Britsch wrote: "June 1889 marked the end of the first year of the Samoan Mission. By this time the missionaries had experienced almost every problem Samoa could offer. They had endured [civil] war, famine, a hurricane, and tropical storms.

"They had suffered sickness, apostasy, days in open boats, and storms at sea. Rumors had been circulated against them, and Protestant ministers had used both newspapers and their pulpits to republish the old lies about Joseph Smith and the Latter-day Saints. The elders' housing was inferior to their homes in Zion, and living conditions resembled a perpetual camping trip.

"Nevertheless, the elders were in excellent spirits and eager to spread the gospel throughout the islands."

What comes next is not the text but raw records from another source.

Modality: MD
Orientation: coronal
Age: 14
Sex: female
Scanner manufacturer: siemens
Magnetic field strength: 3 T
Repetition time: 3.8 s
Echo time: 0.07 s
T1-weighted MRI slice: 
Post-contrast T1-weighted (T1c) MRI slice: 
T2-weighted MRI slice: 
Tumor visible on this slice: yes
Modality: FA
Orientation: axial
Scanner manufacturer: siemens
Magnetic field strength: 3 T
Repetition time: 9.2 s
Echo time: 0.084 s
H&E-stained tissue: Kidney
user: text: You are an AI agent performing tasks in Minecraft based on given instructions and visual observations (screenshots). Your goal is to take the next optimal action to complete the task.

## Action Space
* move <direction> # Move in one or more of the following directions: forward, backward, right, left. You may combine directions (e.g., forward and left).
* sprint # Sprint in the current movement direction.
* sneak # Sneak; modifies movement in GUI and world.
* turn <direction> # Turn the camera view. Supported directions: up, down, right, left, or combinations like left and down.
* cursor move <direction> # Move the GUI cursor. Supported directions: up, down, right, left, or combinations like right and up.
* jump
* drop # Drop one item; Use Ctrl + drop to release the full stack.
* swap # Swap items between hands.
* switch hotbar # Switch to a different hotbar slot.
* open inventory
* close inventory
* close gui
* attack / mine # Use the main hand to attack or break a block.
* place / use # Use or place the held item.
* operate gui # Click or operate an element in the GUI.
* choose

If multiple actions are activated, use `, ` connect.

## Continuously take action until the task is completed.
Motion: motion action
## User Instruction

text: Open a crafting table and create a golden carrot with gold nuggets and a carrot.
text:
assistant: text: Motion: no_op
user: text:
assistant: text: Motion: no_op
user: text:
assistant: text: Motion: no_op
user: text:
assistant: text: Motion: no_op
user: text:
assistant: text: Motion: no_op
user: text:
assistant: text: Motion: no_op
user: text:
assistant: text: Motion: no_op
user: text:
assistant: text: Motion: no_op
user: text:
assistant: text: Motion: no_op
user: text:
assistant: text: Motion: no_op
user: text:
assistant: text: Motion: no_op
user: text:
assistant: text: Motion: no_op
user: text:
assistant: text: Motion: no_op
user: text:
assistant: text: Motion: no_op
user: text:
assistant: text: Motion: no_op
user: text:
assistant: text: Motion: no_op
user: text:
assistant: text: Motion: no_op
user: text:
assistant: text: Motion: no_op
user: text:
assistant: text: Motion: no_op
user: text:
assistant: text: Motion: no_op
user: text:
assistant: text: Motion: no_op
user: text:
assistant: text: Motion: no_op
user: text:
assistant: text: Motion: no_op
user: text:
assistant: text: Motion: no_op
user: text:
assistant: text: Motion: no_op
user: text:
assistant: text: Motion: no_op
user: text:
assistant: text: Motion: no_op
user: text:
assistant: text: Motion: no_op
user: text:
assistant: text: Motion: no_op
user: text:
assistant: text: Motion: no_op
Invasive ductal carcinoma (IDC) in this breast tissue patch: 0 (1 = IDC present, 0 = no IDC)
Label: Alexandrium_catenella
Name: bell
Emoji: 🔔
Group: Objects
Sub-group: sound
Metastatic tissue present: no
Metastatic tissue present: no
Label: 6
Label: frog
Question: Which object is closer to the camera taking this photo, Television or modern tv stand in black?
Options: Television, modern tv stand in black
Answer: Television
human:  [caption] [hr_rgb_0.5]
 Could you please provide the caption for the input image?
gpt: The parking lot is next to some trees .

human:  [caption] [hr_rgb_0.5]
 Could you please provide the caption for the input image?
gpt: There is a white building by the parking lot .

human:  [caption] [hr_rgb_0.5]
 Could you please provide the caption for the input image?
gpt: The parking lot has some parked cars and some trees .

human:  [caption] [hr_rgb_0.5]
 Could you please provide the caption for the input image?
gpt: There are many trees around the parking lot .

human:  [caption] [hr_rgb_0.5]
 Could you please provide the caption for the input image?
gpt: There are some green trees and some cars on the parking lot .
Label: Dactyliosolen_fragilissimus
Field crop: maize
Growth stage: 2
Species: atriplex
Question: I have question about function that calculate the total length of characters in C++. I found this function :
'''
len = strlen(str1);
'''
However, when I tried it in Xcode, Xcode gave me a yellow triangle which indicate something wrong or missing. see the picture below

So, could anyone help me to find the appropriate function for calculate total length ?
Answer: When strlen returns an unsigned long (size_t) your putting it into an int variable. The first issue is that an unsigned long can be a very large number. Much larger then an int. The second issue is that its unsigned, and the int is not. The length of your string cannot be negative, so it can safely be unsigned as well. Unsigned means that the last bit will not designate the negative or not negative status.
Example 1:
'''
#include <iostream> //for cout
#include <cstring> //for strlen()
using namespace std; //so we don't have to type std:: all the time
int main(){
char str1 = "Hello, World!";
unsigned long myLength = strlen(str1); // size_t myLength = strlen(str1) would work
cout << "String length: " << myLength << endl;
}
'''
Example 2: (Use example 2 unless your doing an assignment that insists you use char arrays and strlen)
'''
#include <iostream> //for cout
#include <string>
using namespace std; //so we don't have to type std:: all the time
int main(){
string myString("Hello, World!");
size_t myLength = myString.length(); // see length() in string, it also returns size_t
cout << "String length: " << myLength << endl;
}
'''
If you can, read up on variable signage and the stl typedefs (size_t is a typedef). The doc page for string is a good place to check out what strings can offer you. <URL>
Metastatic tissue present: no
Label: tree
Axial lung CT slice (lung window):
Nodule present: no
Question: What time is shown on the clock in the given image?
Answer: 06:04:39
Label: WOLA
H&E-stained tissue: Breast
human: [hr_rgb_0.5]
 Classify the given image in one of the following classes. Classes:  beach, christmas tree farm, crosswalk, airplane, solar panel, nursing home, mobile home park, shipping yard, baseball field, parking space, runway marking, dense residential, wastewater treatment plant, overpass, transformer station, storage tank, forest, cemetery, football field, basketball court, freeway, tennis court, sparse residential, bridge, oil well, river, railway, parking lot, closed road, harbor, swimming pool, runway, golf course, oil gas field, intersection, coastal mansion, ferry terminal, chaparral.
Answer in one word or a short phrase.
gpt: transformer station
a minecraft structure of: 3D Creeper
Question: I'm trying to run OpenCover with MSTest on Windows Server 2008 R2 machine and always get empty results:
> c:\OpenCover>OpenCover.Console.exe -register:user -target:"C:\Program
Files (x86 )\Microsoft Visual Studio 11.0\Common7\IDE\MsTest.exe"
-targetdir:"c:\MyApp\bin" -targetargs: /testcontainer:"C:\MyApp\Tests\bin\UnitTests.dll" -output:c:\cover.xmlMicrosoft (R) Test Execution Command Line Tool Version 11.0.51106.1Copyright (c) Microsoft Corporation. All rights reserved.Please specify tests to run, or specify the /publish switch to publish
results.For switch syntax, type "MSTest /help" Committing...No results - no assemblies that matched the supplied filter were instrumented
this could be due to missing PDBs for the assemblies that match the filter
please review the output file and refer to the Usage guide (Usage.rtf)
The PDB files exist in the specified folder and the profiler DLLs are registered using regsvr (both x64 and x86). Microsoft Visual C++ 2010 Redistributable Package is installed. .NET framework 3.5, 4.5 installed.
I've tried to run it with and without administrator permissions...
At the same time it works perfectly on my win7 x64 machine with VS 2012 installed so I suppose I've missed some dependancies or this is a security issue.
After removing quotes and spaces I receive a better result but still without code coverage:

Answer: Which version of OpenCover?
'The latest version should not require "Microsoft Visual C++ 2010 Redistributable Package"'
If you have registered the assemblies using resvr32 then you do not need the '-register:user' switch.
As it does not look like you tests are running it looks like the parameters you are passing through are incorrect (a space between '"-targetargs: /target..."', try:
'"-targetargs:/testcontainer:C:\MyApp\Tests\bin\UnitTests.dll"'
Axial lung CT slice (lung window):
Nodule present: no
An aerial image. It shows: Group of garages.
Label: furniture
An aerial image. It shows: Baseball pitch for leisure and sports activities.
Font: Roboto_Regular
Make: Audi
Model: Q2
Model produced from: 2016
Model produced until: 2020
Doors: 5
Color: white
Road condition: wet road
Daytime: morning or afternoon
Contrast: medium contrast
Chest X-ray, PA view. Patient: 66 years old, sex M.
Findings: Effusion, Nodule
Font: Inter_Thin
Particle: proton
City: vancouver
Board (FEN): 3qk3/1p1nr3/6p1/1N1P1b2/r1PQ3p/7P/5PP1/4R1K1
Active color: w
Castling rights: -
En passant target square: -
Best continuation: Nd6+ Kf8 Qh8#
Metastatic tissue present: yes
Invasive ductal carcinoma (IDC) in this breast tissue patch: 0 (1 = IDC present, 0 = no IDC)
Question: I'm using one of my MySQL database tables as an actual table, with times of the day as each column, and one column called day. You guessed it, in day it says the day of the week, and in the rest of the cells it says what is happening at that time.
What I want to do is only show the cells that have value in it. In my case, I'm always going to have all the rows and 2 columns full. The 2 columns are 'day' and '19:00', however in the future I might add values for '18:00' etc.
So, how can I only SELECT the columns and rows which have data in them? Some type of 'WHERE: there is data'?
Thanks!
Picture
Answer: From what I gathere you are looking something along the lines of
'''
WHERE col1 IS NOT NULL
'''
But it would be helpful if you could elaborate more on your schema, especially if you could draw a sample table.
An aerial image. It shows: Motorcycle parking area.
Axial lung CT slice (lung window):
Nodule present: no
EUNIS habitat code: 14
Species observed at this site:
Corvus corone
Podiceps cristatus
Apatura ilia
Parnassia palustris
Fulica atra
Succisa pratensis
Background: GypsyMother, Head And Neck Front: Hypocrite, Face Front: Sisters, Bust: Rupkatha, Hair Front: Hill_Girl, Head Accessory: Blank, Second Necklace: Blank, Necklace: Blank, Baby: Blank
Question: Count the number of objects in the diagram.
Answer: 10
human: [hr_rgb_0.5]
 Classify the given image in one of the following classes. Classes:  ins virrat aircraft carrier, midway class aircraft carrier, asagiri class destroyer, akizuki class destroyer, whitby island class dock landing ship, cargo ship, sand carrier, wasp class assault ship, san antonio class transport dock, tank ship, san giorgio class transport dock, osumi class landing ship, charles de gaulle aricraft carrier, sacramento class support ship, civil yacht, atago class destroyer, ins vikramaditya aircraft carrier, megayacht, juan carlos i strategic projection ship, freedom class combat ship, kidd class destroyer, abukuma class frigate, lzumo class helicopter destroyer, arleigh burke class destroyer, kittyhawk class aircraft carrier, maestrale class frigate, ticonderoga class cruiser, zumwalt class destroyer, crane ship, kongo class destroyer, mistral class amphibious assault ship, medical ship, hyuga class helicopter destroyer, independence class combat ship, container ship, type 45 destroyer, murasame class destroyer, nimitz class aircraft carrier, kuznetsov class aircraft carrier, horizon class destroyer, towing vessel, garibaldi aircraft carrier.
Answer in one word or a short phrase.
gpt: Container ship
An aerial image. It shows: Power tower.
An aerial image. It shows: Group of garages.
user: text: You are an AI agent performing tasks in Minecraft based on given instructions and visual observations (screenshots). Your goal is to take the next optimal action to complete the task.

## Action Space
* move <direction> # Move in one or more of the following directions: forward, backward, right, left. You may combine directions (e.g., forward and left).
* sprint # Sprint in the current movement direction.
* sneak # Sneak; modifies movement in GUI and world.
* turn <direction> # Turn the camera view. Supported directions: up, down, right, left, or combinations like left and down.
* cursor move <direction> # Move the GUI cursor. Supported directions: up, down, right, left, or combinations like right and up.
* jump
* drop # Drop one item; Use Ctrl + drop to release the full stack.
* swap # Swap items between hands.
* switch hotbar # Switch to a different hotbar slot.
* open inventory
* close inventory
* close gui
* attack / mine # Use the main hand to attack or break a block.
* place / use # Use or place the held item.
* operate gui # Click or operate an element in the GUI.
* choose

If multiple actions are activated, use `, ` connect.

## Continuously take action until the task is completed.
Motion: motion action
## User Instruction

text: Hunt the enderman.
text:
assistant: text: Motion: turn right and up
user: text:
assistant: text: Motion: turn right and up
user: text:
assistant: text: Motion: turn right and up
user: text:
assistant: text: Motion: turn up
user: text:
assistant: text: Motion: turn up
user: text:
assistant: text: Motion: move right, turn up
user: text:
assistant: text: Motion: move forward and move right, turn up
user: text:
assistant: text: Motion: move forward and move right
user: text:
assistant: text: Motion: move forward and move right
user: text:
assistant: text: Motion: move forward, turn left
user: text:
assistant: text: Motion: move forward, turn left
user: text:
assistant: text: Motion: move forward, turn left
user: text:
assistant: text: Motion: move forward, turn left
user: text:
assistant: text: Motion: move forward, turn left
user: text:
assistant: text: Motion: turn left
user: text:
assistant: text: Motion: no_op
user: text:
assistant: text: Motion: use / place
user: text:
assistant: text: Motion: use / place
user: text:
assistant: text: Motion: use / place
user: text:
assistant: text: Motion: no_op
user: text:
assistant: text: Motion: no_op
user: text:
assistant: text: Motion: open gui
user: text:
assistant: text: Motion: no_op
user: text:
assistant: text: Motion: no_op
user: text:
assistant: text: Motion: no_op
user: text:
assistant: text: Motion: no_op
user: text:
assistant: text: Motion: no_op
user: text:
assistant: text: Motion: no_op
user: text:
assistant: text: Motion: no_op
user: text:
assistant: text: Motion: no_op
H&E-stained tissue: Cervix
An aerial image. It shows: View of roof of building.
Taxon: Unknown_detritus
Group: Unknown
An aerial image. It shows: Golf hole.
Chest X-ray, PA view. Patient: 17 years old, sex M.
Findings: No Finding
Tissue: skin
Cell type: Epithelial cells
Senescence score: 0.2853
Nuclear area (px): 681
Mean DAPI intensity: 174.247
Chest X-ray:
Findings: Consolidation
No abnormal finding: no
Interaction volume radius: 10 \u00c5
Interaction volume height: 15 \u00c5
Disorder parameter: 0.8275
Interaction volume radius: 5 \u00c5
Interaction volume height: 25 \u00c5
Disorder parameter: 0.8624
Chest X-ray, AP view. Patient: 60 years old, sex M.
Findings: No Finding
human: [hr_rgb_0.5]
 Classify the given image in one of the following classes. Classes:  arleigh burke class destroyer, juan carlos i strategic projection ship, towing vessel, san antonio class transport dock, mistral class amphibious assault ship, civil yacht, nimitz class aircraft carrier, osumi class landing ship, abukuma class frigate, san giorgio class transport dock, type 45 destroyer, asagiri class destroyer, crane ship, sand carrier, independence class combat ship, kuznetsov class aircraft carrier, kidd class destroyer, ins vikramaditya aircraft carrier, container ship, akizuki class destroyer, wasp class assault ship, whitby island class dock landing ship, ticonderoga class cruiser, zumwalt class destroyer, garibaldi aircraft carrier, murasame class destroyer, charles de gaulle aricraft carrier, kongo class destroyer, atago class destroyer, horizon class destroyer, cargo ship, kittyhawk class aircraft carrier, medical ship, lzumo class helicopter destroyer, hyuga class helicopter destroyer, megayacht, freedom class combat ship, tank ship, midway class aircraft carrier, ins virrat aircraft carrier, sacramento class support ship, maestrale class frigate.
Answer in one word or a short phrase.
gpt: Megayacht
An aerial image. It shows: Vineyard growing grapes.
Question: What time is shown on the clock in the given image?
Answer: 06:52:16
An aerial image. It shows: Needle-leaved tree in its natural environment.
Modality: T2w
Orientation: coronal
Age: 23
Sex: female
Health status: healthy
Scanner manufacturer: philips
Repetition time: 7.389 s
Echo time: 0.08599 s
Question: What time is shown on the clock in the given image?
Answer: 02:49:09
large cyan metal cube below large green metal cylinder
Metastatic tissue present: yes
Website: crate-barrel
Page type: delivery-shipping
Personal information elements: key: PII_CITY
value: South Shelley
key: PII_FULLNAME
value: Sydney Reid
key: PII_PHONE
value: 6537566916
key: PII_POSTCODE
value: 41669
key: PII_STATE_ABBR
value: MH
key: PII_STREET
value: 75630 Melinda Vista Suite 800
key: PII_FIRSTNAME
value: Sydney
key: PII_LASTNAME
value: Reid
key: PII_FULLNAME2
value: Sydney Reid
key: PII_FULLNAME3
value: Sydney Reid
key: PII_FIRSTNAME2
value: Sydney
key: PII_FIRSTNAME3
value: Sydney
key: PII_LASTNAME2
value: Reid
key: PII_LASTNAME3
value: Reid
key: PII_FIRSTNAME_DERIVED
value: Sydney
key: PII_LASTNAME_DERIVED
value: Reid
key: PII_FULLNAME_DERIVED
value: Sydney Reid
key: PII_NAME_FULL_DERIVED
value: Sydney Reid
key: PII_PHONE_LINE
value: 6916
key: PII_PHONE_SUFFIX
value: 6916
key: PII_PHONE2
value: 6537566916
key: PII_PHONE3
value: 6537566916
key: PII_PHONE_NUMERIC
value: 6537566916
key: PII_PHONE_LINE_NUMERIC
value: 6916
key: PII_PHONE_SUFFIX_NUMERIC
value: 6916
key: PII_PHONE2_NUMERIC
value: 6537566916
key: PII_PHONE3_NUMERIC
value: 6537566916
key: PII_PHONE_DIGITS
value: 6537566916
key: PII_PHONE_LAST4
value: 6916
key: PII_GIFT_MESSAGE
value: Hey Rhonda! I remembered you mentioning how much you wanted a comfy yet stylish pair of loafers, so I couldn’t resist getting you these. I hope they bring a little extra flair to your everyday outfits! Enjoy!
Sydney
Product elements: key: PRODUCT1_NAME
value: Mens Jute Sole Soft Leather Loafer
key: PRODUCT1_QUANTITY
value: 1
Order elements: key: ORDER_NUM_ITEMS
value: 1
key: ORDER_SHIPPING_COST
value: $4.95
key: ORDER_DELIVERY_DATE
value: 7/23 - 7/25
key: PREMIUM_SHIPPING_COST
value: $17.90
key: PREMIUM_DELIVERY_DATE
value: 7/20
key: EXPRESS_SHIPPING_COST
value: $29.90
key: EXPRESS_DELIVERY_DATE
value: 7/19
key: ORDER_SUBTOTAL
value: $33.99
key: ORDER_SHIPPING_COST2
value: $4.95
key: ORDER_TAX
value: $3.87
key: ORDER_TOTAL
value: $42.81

And spread it did. In 1890, Elders Dean, Wood, and George E. McCune extended missionary work to Savai'i, the largest island of the Samoan group, and now part of Western Samoa. By the time incoming missionaries brought Elder Dean notice of his release on July 13, 1890, the Church in Samoa included 124 people, counting children of baptized members.

By the end of 1898, the first decade of missionary work, 1,139 islanders had joined the Church, the harvest of the labors of 122 missionaries sent from North America, and several Samoan elders.

In the following decades, a steady stream of missionaries from the United States contributed to conversions. In the 1920s, membership was sufficient to justify the purchase of several plantations. The plantations helped provide for church schools that were also established.

The 1950s brought many advancements to the islands. Labor missionaries were called to erect meetinghouses. In 1955, President David O. McKay make his historic visit to Samoa. Also during that year, local district presidencies were organized, and proselyting time and effectiveness of missionaries were substantially increased.

The first stake in Samoa was created in 1962, and by 1974, the entire islands were covered by stakes. The Apia Samoa Temple was announced in 1977 and dedicated in 1983.

The temple brought even closer the dream that motivated missionaries during their many years of arduous work - that of bringing salvation to Samoan families.


Significant events in Samoa

June 21, 1888 - Elder Joseph Dean and family arrived to officially open missioanry work; first baptisms, meetings followed.

Nov. 10, 1900 - Samoan Mission Pres. William Sears began translating the Book of Mormon.

May 11, 1916 - Tongan Mission was divided from Samoan Mission.

June 9, 1938 - Apostle George Albert Smith and Rufus K. Hardy arrived in Samoa for the 50-year Jubilee conference, which was held June 18.

Oct. 14, 1940 - North American missionaries were called home because of threatening war conditions. Pres. Wilford W. Emery and Samoan missionaries carried on the work.

Feb. 2, 1946 - Missionaries returned after the war.

July 1, 1953 - First labor missionaries were set apart.

Dec. 5, 1953 - Apostle LeGrand Richards dedicated new Pesega School, a Church-owned and -operated institution.

March 18, 1962 - The first stake in Samoa was created under the direction of Elder Mark E. Petersen of the Council of the Twelve. Percy J. Rivers was called as president of Apia Stake.

June 2, 1974 - Samoa became first country to be fully covered with stakes.

July 1, 1974 - Patrick Peters became first Samoan called to preside over the Samoa Apia Mission.

Feb. 17, 1976 - President Spencer W. Kimball presided over the first Area Conference in Pesega on the island of Upolu; 11 General Authorities attended.

Feb. 19, 1981 - President Spencer W. Kimball broke ground and dedicated the site for the Apia Samoa Temple, located at Pesega.

Aug. 5, 1983 - Apia Samoa Temple was dedicated by President Gordon B. Hinckley.